To bridge these two disparate communities, the World Health Organization and the NTD NGO Network’s (NNN) WASH Working Group have launched the first-ever WASH and NTDs toolkit, “WASH and Health working together: a practical guide for NTD programmes.”

Based on a range of experiences, the toolkit walks health and WASH practitioners through resource mobilization for joint programming, as well as the design, implementation and evaluation of such interventions with its 22 tools and practices. Now aggregated in one place, these tools have been shown to work in coordinated and integrated NTD control and elimination programs that support collaborative relationships between WASH and NTD stakeholders.

For example, in 2018, Ghana eliminated trachoma. They did so through the type of cross-sectoral action the WASH and NTDs toolkit will enable. The Ghana Health Service first introduced the National Trachoma Control Program and implemented the SAFE strategy in 2001, with the goal of eliminating trachoma in Ghana. Because latrines play a critical role in the long-term control of trachoma, the Program committed to constructing 5,000 household latrines each year to tackle the environmental improvement component of the SAFE strategy. Through a multi-sector and multi-agency partnership, over 12,500 household latrines were constructed in Ghana between 2001-2008. An impact evaluation in 2008 noted that water coverage improved from 50% to 80% and latrine coverage improved from between 0-1% to between 2-38% as a result of this project. The percentage of children with clean faces or faces without discharge rose from 70% to 93% in endemic areas in Ghana. Meanwhile the prevalence of active trachoma significantly reduced from more than 16% to less than 3% in the population. In June 2018, Ghana became the first country in WHO Africa Region to eliminate trachoma.

In northeastern Uganda, WaterAid joined the trachoma elimination programme to better environmental conditions and improve behaviours, such as facial cleanliness, that can sustain the impact of structural efforts. By collaborating with established and trusted WASH partners in the communities, trachoma programmes work alongside and benefit from the infrastructure (access to clean water, latrines, and hand/face washing stations) that these WASH organisations are putting in place, which enable the healthy behaviours connected to trachoma elimination. This work includes incorporating hygiene and trachoma messaging into existing WASH lessons, community meetings, and community-led total sanitation. Bespoke health and hygiene messaging that reflects the environments and communities, such as their lifestyle and dress in northeastern Karamoja, helps people relate to the images and integrate the messages into their daily lives. Integrating trachoma messaging into existing WASH strategies and materials is efficient and eliminates duplicate materials that would run parallel to the other health and hygiene work.

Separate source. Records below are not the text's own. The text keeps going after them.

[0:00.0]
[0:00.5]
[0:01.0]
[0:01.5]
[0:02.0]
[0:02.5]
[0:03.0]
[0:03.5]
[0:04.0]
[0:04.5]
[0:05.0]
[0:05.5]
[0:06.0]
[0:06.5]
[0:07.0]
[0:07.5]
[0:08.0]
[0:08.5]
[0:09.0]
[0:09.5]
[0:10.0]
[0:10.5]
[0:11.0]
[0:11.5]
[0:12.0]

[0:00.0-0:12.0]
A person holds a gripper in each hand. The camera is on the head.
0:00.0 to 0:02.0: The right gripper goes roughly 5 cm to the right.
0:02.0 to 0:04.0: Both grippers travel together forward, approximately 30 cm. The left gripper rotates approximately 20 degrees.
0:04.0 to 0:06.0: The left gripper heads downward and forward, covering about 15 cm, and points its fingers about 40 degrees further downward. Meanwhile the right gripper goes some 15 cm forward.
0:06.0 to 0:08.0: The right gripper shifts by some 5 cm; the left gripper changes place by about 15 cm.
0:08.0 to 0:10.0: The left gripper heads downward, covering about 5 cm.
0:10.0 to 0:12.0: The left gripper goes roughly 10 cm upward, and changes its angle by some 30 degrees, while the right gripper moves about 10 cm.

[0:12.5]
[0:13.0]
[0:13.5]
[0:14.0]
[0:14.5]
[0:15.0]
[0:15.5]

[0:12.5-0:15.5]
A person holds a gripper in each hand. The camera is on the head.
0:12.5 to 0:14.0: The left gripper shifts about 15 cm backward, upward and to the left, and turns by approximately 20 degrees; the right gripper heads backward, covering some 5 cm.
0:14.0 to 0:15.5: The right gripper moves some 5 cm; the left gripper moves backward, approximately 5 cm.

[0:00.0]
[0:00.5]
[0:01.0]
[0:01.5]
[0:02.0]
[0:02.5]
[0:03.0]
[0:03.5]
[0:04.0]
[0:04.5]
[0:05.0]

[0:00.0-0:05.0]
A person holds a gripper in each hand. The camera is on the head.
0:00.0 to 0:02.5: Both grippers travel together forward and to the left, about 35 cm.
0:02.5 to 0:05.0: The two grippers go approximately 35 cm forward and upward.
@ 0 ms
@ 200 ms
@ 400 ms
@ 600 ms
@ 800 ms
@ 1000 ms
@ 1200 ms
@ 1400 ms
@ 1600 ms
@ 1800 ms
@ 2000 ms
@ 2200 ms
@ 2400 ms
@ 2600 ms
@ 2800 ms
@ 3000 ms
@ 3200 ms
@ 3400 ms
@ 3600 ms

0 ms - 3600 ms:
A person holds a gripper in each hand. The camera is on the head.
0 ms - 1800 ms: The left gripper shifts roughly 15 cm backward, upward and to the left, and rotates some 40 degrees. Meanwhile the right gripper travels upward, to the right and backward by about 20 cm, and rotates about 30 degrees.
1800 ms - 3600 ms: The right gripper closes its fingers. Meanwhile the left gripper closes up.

Ghana and Uganda are two of many great examples of cross-sectoral collaboration. The groundbreaking WHO and NNN toolkit promises increased collaboration and integration of WASH and NTD programming – and honors of the 7th anniversary of the London Declaration on Neglected Tropical Diseases and UN Water’s Leave No One Behind campaign. The NTD and WASH sectors share a very worthy goal: sustainable NTD control, elimination and prevention. As we approach 2030, increased collaboration is crucial so that we truly leave no one behind.